Я и на Дальний Восток-то попал, вероятно, потому, что у Витте возникла идефикс удалить меня как можно дальше от Николая и продержать там, вдалеке, как можно дольше... пока Сергей Юльевич окончательно не станет самым близким и влиятельным ртом у императорского уха. Ну не было же зимой еще никаких предпосылок к тому, что все здесь развернется так круто. Обычный такой бунт, из тех, что в Китае случаются раз в два-три года... ну ладно, пусть в десять-пятнадцать лет. Китайцы бунтовать любят и регулярно устраивают себе такие развлечения. Правда, бунтуют они как-то по-кукольному, что ли, — шумно, массово, зрелищно, даже и кроваво, но недолго и нестойко. Гигантские толпы бунтовщиков разгоняются вдесятеро, а то и в сорок раз меньшими отрядами местной китайской регулярной армии. Не говоря уж о лучше обученных и вооруженных подразделениях японской или европейских армий. Так что необходимости присутствия здесь аж целого генерал-адмирала, да еще и дяди императора, зимой не просматривалось. Однако ж вот послали...
Впрочем, как ни странно, все было к лучшему. Сейчас, по зрелом размышлении, я считал, что и вопрос с переброской войск на Дальний Восток решился так быстро (ну, по нашим, российским меркам) именно вследствие того, что Витте считал для себя жизненно необходимым как можно дольше задержать меня здесь. Ну да и ладно.

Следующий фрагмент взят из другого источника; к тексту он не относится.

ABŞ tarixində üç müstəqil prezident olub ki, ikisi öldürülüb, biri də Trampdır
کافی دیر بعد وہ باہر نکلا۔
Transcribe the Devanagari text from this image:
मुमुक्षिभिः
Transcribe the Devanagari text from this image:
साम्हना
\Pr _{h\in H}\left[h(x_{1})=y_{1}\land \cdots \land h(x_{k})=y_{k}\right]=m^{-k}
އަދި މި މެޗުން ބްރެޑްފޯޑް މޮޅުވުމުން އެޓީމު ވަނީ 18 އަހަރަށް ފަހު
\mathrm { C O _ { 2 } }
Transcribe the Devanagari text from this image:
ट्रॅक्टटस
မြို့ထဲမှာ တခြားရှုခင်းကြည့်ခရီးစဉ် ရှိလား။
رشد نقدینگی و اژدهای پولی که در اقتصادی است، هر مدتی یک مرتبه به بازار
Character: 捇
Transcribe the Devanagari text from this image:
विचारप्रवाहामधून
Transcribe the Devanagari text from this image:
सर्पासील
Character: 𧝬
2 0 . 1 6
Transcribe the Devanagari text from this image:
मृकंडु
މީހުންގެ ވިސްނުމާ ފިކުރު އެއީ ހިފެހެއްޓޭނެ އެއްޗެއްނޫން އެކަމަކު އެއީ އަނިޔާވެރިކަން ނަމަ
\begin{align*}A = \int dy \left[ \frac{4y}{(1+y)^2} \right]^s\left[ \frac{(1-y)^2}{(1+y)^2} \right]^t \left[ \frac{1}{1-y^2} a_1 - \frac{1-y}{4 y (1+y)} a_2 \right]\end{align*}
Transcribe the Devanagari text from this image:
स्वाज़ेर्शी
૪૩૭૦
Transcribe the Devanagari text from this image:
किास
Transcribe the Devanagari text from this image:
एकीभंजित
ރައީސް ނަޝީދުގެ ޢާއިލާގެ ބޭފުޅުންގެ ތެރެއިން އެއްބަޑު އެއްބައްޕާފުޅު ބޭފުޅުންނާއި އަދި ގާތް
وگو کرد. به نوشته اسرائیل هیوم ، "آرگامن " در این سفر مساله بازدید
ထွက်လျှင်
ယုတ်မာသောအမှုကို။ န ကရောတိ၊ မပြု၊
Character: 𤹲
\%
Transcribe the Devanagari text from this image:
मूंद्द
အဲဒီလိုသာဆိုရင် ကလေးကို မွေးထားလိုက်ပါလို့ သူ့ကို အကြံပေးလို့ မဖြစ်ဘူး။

Я был ему даже благодарен, потому что в итоге мне удалось основательно разобраться с делами на месте. Тем более что пока он продолжал снабжать меня необходимыми ресурсами почти безоговорочно. (Ну, не совсем, конечно, но куда спокойнее, чем это происходило бы, будь я в Санкт-Петербурге и требуй все полученное для Дальнего Востока в сходных объемах.) Строительство оборонительных сооружений Порт-Артура, Владивостока и Дальнего изрядно прибавило в темпах. По существу, все работы должны были закончиться уже в будущем году, а основные — к осени нынешнего.